HOW TO COMPLETE THIS TASK — Would you return exactly the lines below from the line with "Vaccination report Assam" through the line with "I shall propose", both included, and nothing else, leaving out the pictures?

—————

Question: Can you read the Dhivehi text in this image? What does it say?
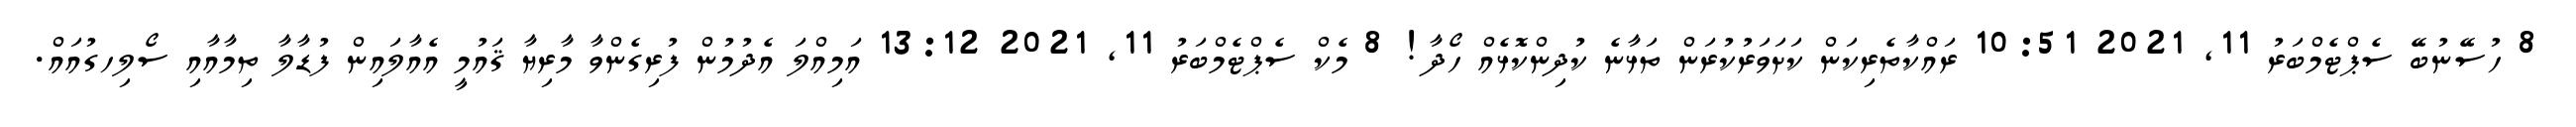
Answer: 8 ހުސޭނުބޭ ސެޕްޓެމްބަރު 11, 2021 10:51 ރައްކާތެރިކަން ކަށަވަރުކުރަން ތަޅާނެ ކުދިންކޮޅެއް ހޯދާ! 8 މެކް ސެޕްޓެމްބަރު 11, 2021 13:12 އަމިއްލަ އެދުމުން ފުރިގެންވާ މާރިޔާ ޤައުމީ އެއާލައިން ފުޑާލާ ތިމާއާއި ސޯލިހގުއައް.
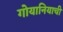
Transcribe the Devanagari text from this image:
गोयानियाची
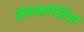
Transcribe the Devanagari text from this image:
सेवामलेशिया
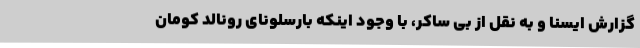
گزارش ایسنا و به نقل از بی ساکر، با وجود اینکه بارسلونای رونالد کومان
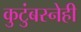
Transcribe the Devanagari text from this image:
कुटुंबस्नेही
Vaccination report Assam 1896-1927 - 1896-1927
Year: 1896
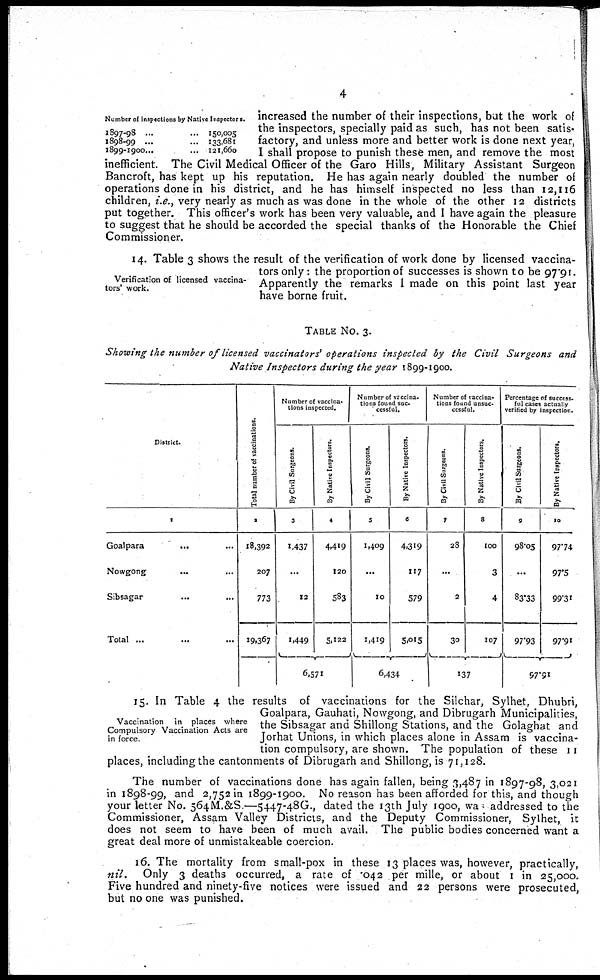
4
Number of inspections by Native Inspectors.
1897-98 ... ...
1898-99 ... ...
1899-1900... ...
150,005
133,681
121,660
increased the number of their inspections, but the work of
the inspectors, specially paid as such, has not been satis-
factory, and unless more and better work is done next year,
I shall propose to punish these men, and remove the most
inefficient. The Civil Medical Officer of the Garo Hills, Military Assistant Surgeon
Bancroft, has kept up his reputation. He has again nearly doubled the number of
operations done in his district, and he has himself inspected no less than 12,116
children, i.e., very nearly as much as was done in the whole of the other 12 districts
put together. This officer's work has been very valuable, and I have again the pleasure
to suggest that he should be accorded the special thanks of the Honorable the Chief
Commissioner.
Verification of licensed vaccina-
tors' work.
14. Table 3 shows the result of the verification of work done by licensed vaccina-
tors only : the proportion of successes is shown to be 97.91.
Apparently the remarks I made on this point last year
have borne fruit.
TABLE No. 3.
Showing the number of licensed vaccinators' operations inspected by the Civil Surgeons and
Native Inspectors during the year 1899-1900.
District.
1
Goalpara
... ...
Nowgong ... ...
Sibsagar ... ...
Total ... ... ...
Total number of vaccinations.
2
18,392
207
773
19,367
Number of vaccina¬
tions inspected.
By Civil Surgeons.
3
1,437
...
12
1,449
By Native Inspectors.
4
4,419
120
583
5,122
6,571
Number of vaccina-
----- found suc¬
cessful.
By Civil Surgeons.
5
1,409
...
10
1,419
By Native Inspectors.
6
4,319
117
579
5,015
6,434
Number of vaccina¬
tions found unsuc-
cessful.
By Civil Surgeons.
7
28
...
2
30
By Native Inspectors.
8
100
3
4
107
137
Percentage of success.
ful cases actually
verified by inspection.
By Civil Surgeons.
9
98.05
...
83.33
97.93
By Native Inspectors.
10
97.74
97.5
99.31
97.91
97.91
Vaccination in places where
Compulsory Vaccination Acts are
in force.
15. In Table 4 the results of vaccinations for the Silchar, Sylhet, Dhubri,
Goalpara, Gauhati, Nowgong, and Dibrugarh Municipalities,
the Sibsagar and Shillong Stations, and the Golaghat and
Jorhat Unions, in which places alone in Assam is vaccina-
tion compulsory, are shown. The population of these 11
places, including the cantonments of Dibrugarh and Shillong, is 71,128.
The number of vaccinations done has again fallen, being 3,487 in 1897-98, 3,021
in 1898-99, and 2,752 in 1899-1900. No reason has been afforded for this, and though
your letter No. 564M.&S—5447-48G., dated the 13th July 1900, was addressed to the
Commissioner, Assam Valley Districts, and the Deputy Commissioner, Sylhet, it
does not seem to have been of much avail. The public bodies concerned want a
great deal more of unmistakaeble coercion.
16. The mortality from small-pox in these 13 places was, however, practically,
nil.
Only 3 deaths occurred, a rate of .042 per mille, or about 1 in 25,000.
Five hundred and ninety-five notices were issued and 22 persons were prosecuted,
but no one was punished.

—————

RESPONSE TO THE EXERCISE —
Vaccination report Assam 1896-1927 - 1896-1927
Year: 1896
4
Number of inspections by Native Inspectors.
1897-98 ... ...
1898-99 ... ...
1899-1900... ...
150,005
133,681
121,660
increased the number of their inspections, but the work of
the inspectors, specially paid as such, has not been satis-
factory, and unless more and better work is done next year,
I shall propose to punish these men, and remove the most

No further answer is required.